Depois de se tornar uma rede integrada que entrega saúde de forma preventiva, preditiva e personalizada, Dasa apresenta seus novos valores

Por Abril Branded Content Atualizado em 7 Maio 2022, 13h41 - Publicado em 5 Maio 2022, 17h51

Criar um ambiente em que as pessoas se sintam protagonistas de um propósito único, onde haja liberdade para ser quem são e, assim, possam expressar de forma apaixonada todo o seu potencial, é um desafio para qualquer empresa. Em uma companhia de saúde do tamanho da Dasa, com mais de 50 000 colaboradores e 900 unidades distribuídas por todo o país, essa missão ganha ainda mais importância. Em abril de 2021, a Dasa anunciou uma grande mudança cultural. A empresa, antes conhecida como líder em medicina diagnóstica no Brasil, tinha em seu portfólio hospitais importantes e outros serviços médicos. Nesse contexto, integrar suas diferentes operações para atuar em um ecossistema de saúde tornou-se prioridade.

Até então, Dasa, Ímpar e GSC, embora sob o guarda-chuva de um mesmo grupo, se posicionavam como marcas independentes, o que causava uma fragmentação cultural.

A mudança estrutural resultou em uma única marca, a Dasa. Mas era preciso ir além da transformação do branding: ouvir os colaboradores e torná-los agentes do processo de reformulação dos valores da companhia era essencial para a adesão ao novo momento.

Nesse período, os times começaram a ser incentivados a buscar um novo padrão de interação, em que todos atuassem unidos por um propósito comum: ser a saúde que as pessoas desejam e que o mundo precisa.

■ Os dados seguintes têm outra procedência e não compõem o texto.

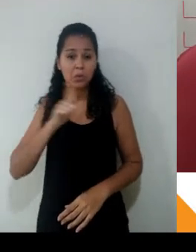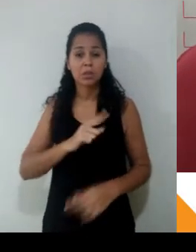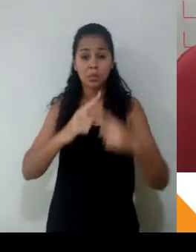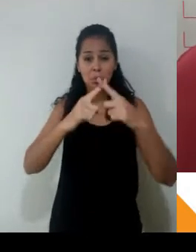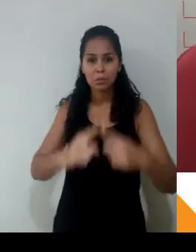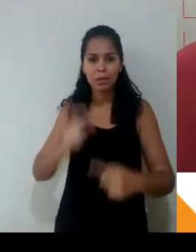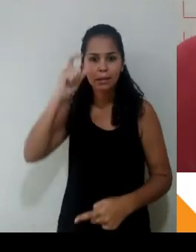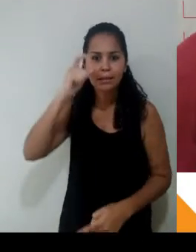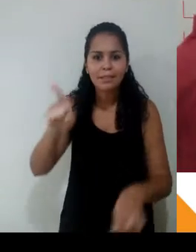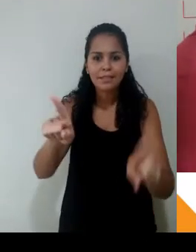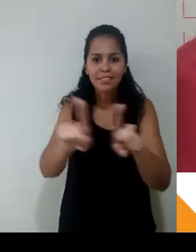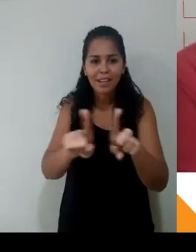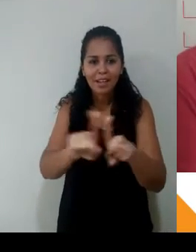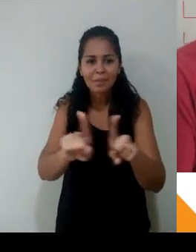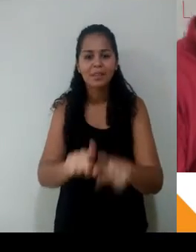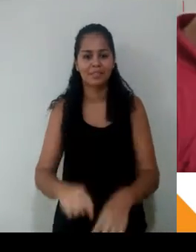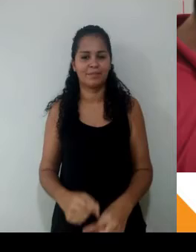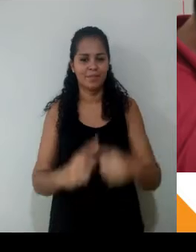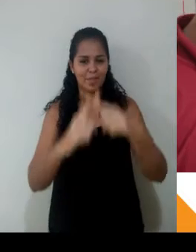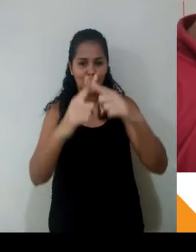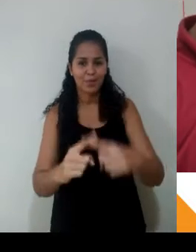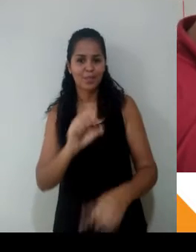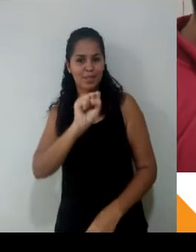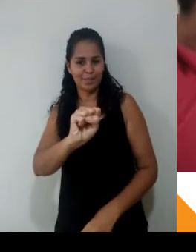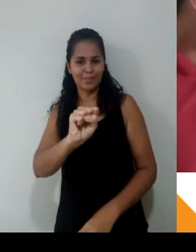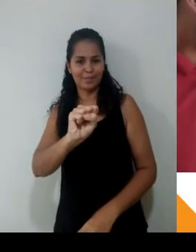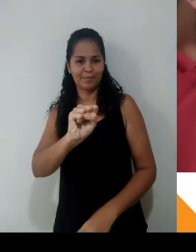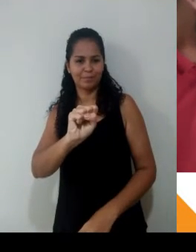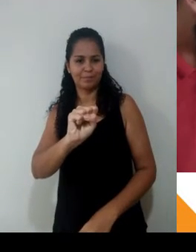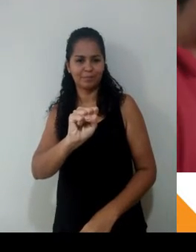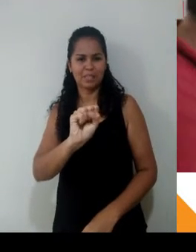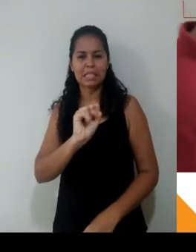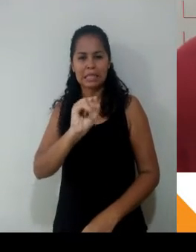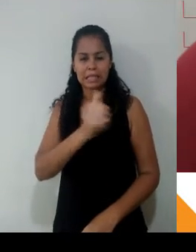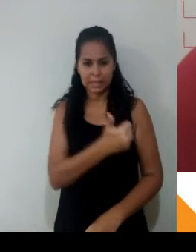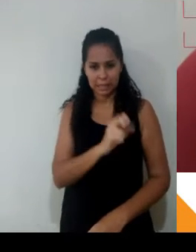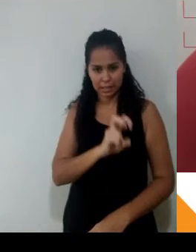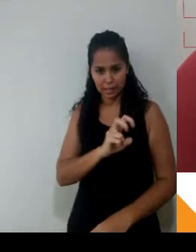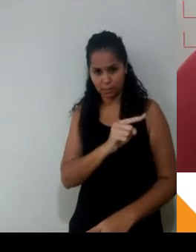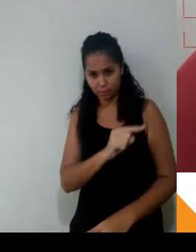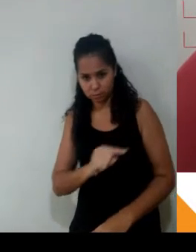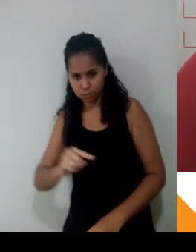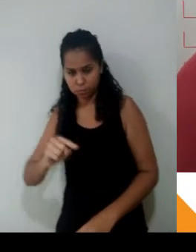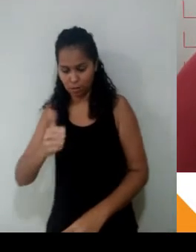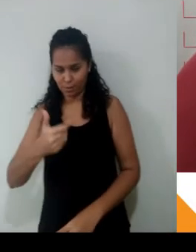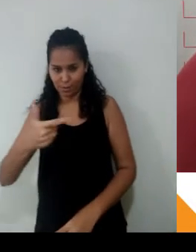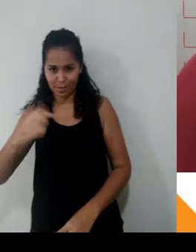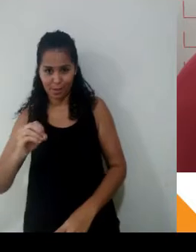oito. Então, se do quinze pro cento e vinte é vezes oito, do y pro oitenta e oito

E, embora essa transformação tenha começado em meio a uma das maiores crises sanitárias da história, com parte das equipes trabalhando de forma remota e parte na linha de frente do combate ao coronavírus, a Dasa conseguiu ouvir 1 000 vozes. “Esse movimento de evolução cultural foi marcado por uma profunda reflexão sobre quem somos, como somos, a forma como conduzimos nossas relações e as sinergias. Configuramos grupos focais, equipes de trabalho, pesquisas de percepção, workshops de cocriação, entre muitas outras ações que nos deram condições de desenhar nosso modelo de cultura”, explica Fabio Rosé, diretor-geral de Pessoas & Cultura da Dasa.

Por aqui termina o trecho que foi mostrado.